Microsoft's 365 Component, OneDrive cloud storage service is a huge convenience because it keeps your files synced across devices and backed up onto the internet. Since both OneDrive and Teams are using SharePoint as their backend to store files, it is quite confusing when to use OneDrive, Teams and SharePoint when starting to store your files. Here are some clarification for this question based on what I understand.
Since Blob storage also could be an option for sharing with external users. I will add it into this post to discuss too.Considerations:
- External sharing configuration
- User Experience
- Governance
Recommended Settings for OneDrive/SharePoint External File Sharing
SharePoint has external sharing settings at both the organization level and the site level.
Best practice:
- If you have confidential information that should never be shared externally, we recommend storing the information in a site that has external sharing turned off. Create additional sites as needed to use for external sharing. This helps you to manage security risk by preventing external access to sensitive information
- Limit accidental exposure to files when sharing with people outside your organization
- Turn Off Anyone Links at organization level or Turn off for a site
- Domain filtering
- Limit external sharing function to specified security groups
- If you have to turn on Anyone Links, here are some best practices for sharing files and folders with unauthenticated users
- Set an expiration date for anyone links, either at Organization-level or a site level
- Set link permissions to restricited level such as View.
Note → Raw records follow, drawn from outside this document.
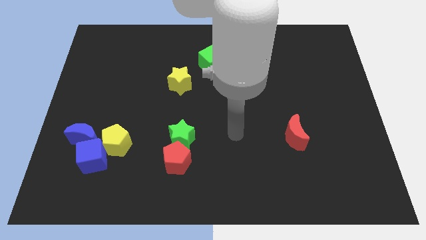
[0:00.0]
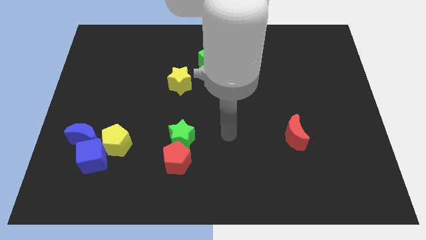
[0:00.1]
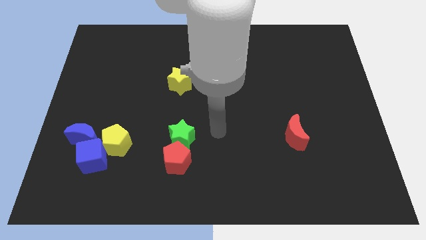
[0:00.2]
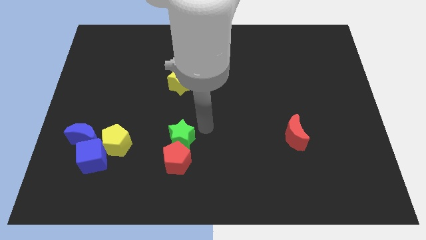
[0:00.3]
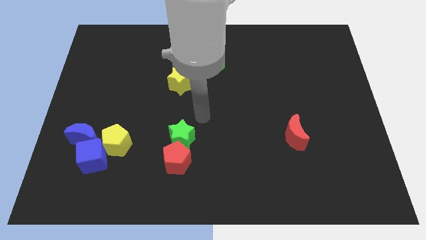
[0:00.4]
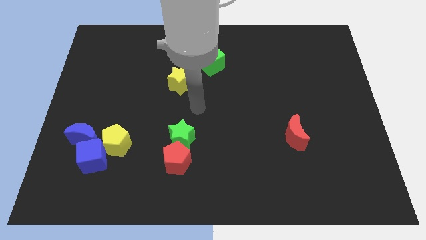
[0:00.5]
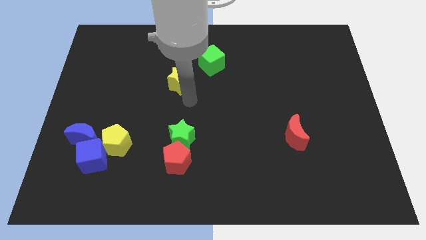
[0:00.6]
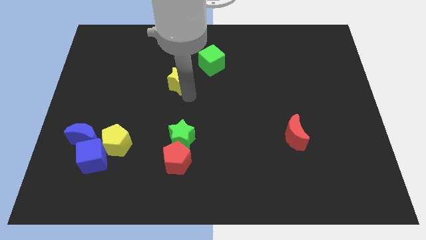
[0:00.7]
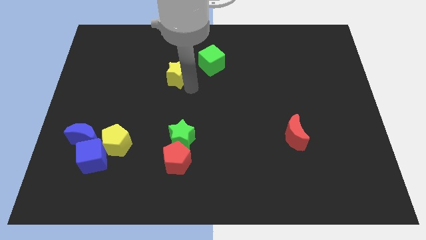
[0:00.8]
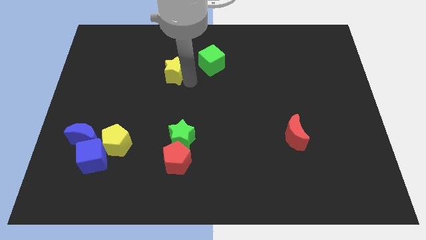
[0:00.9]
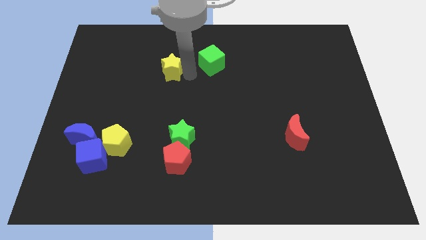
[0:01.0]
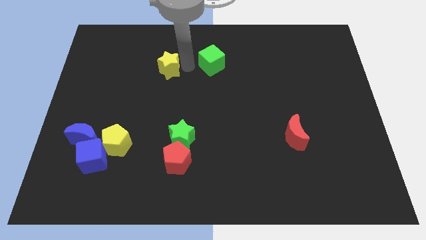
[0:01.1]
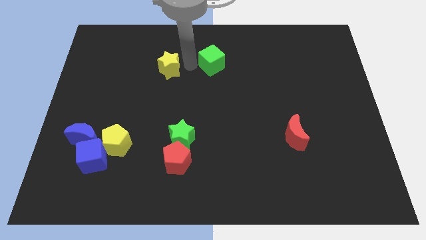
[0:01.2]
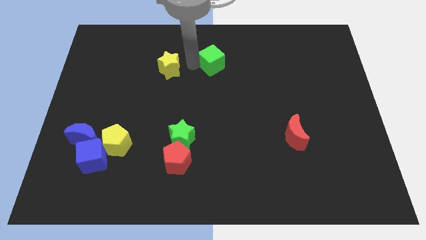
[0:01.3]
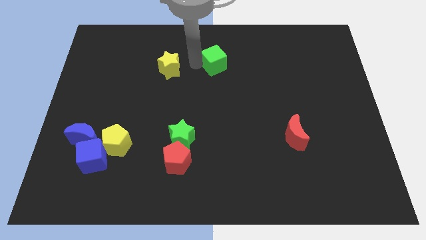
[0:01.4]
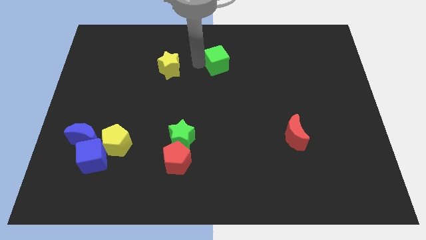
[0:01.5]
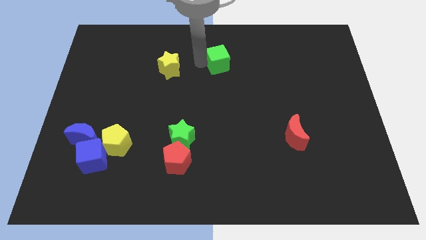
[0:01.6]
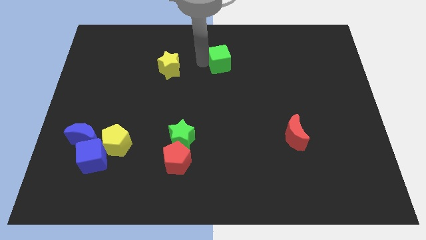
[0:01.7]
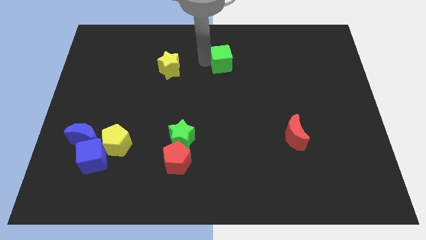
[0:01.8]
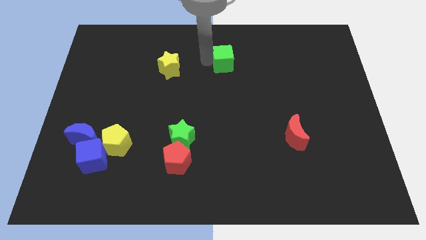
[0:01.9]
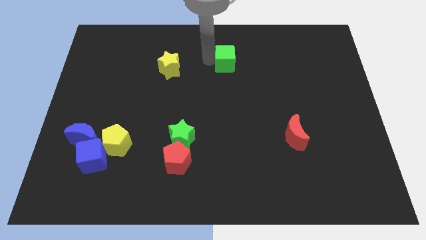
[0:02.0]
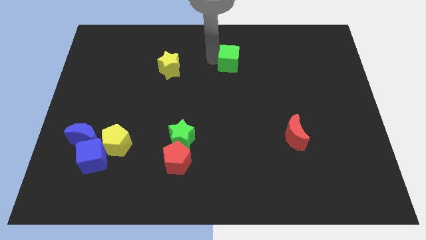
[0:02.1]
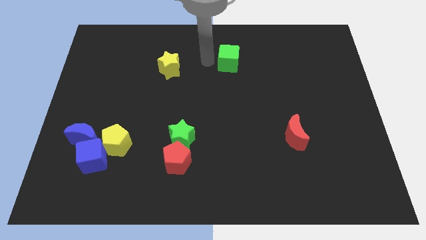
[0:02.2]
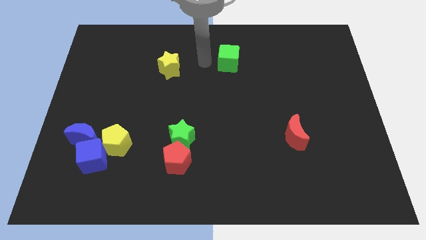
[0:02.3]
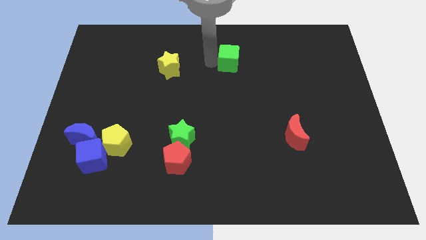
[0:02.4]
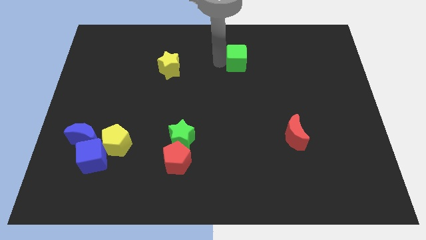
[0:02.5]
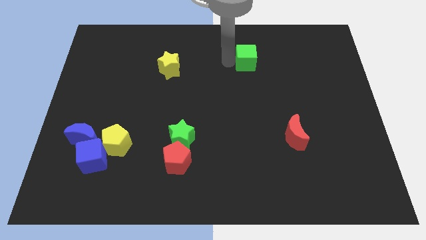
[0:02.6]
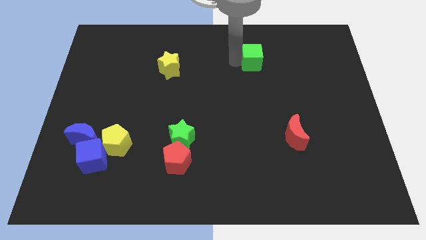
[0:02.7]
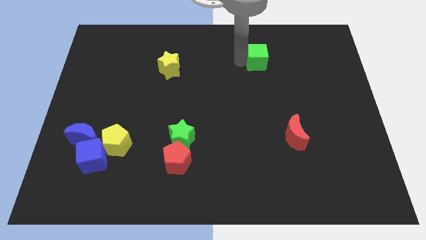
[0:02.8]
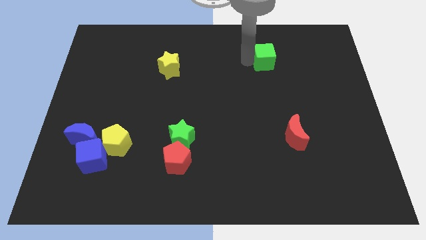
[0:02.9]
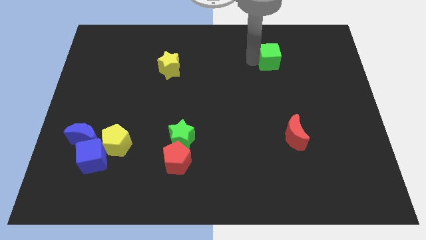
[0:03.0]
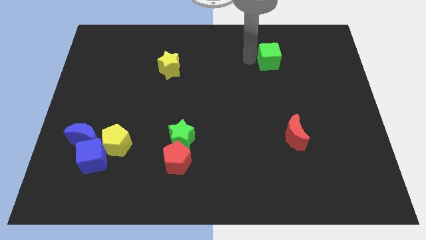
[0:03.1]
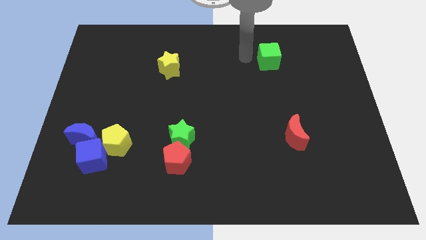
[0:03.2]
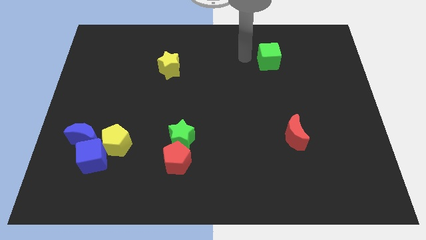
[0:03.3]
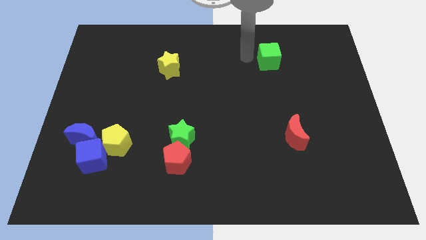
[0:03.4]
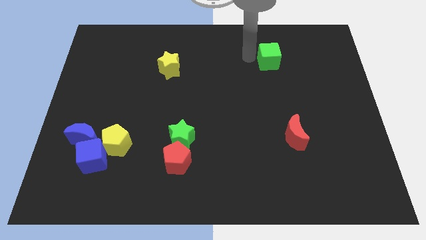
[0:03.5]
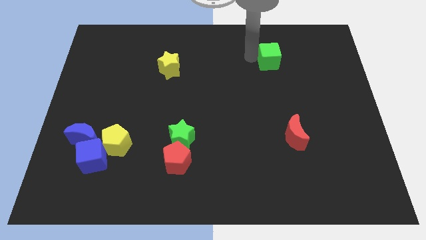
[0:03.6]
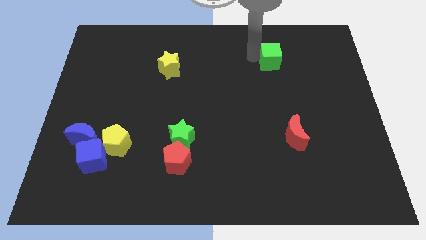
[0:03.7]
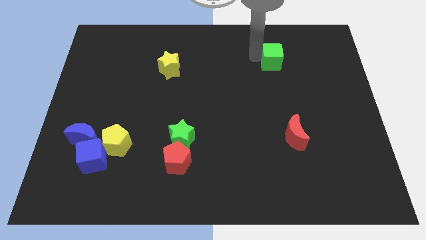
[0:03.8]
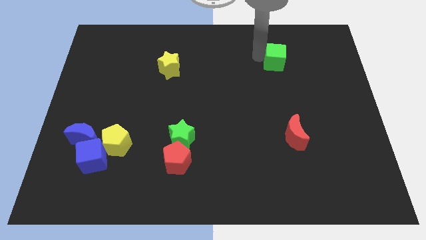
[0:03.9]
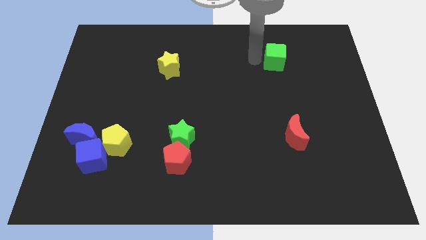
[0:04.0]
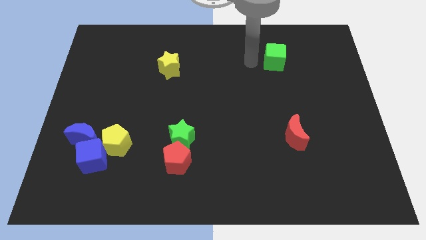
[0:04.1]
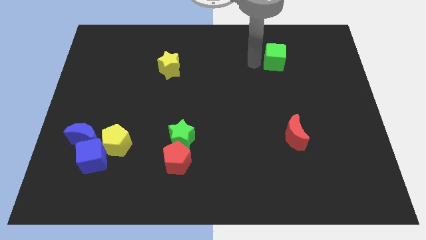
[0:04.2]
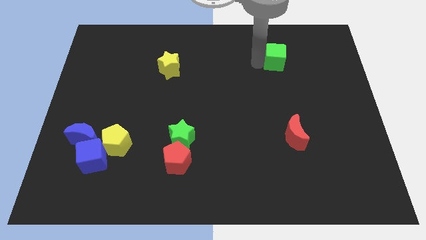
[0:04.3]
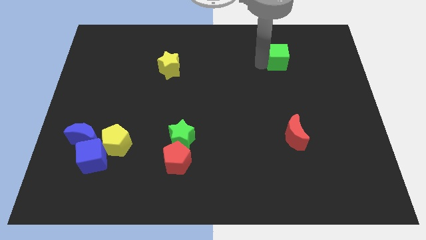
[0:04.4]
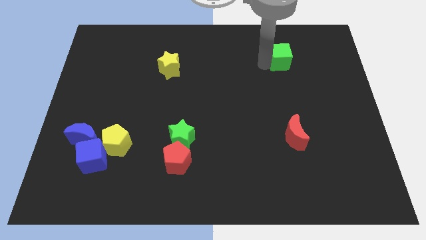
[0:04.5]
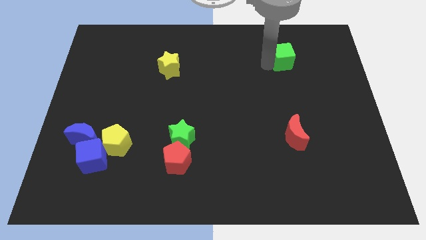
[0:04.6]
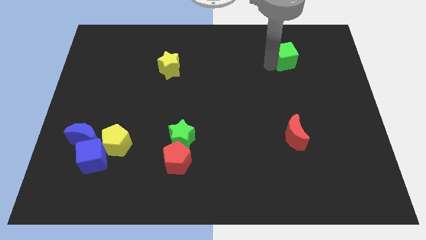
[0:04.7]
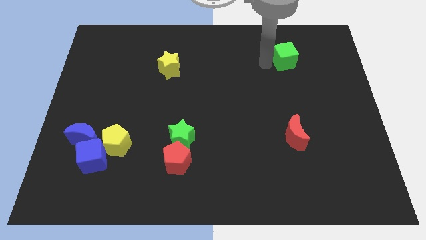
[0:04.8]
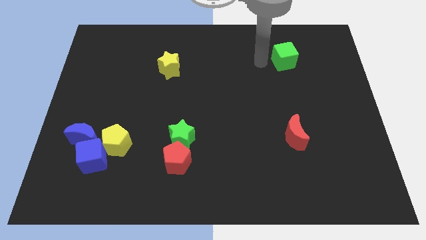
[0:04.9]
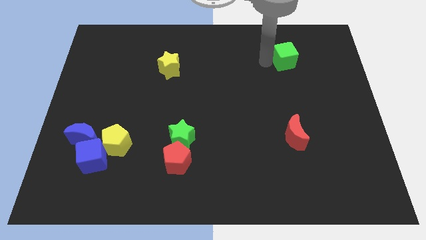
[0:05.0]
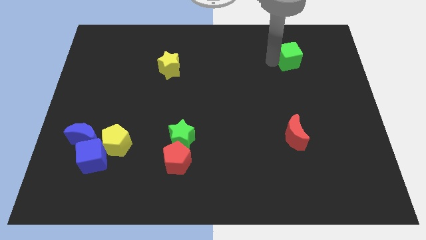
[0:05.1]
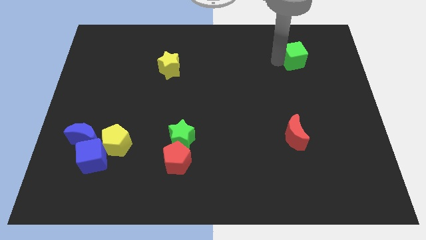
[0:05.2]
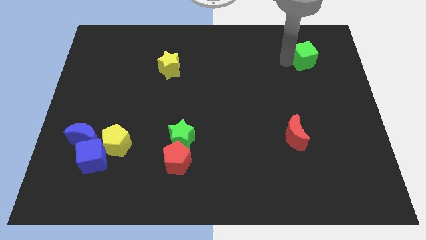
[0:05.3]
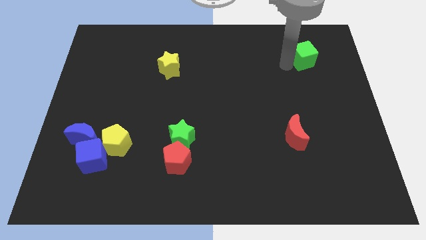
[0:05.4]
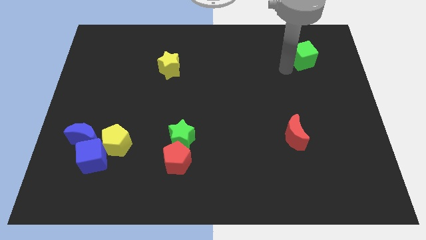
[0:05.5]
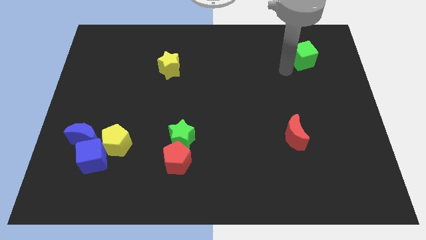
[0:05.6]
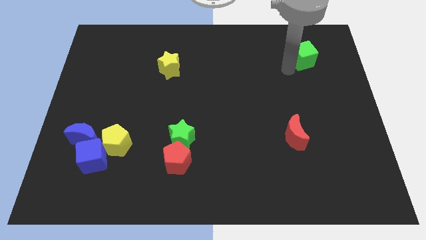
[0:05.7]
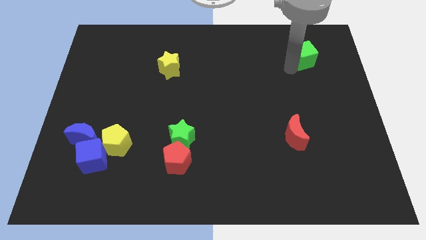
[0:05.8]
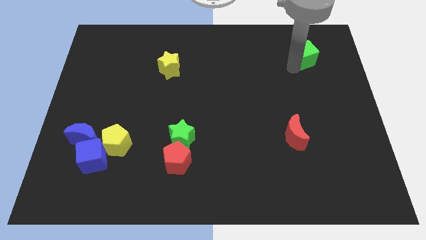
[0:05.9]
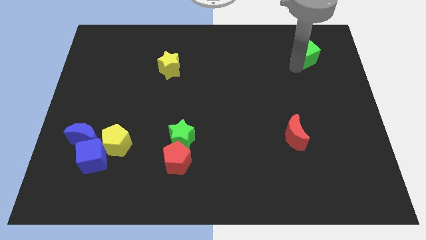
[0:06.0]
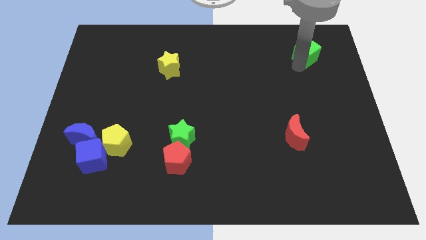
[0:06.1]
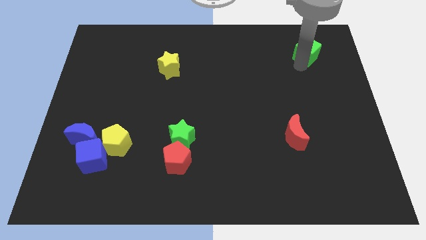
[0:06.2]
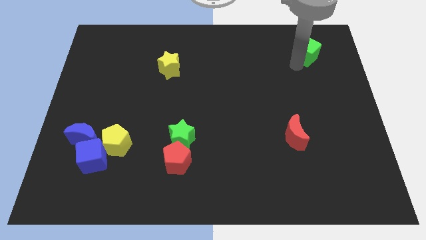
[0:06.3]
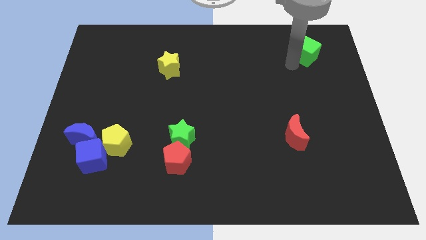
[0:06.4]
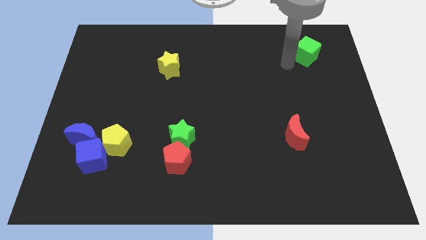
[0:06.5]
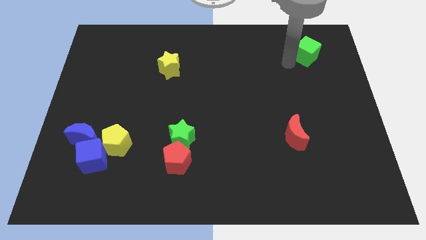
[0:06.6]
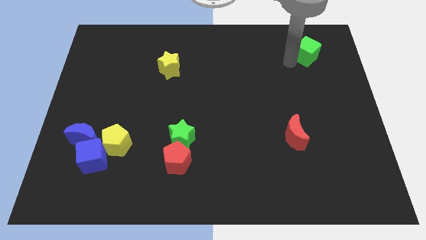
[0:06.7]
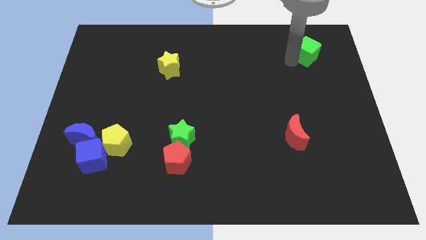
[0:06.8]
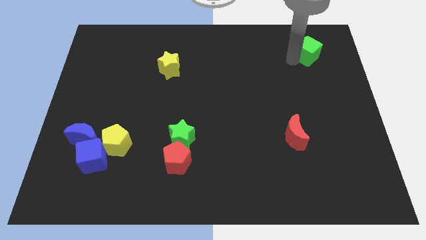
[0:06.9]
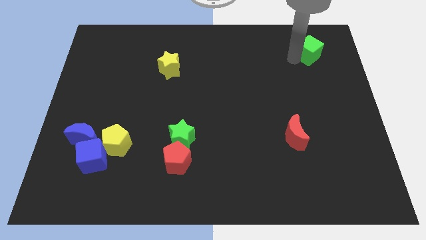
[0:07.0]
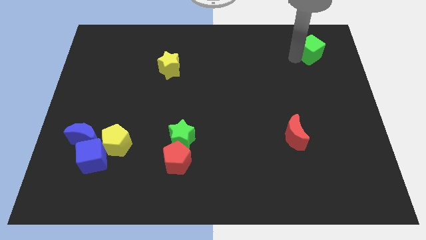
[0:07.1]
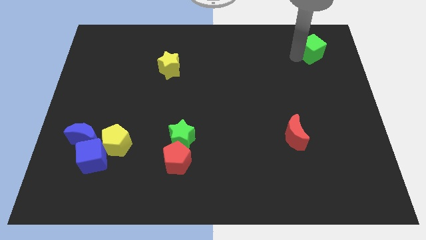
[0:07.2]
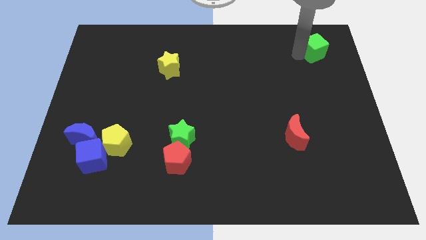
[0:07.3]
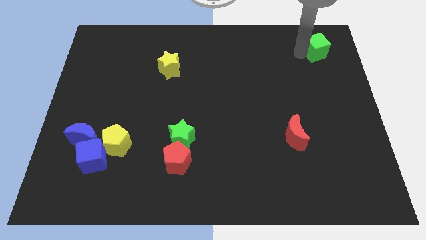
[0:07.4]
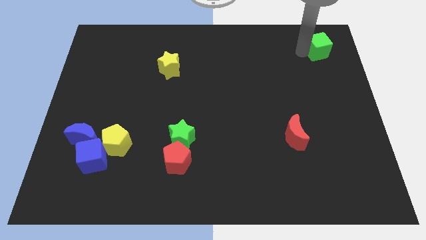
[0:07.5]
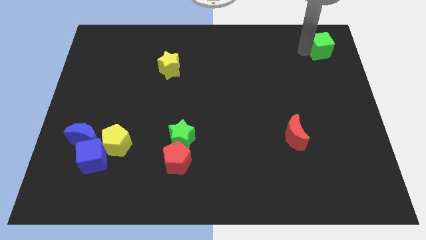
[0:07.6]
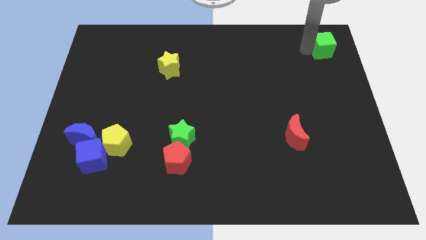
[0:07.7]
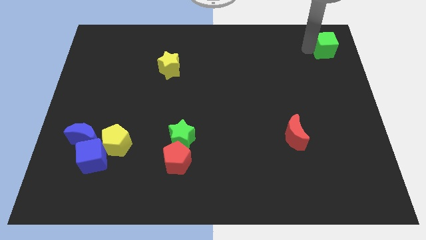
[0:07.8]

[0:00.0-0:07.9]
put the green cube to the top right of the board

- Set default link type to only work for people in your organization, By default, Anyone sharing set set to Anyone. You can set it up at Organization-level or a site level.
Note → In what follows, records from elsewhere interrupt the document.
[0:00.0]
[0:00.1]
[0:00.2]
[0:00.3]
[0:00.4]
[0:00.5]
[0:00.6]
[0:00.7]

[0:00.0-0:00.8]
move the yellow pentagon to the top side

- Prevent unauthenticated sharing of sensitive content
- use Purview DLP fuction to prevent unautenticated sharing of sensitive content.
- Protect against malicious files : When you allow anonymous users to upload files, you're at an increased risk of someone uploading a malicious file. In organizations with Microsoft Defender for Office 365 Plan 1 or Plan 2 licenses (for example, in Microsoft 365 E5 or as an add-on), you can use the Safe Attachments feature to detonate uploaded files in a sandboxed virtual environment, and quarantine files that are found to be unsafe.
- Add copyright information to your files: ad a footer to a labele file.
Configure organization-level sharing settings for SharePoint and OneDrive:
Configuration Steps to share SharePoint files or folders
Go to Active sites in the new SharePoint admin center, and sign in with an account that has admin permissions for your organization.
In the left column, select a site. (For a channel site, select the link in the Channel sites column and then select the site.)
On the Settings tab, select More sharing settings.
Select an external sharing option (see the table in the next section).
If you want to limit the sharing of this site by domain, select the Limit sharing by domain check box by expanding Advanced settings for external sharing, and add the domains that you want to allow or block.
Important
Allowed or blocked domains in Azure AD also affect SharePoint and OneDrive site sharing (always) and file and folder sharing (if Azure B2B collaboration is enabled). Be sure to review Azure AD collaboration restrictions as part of your SharePoint and OneDrive sharing setup.
If you want to change the guest access expiration setting for this site, clear the Same as organization-level setting check boxes and set the values that you want to use for this site.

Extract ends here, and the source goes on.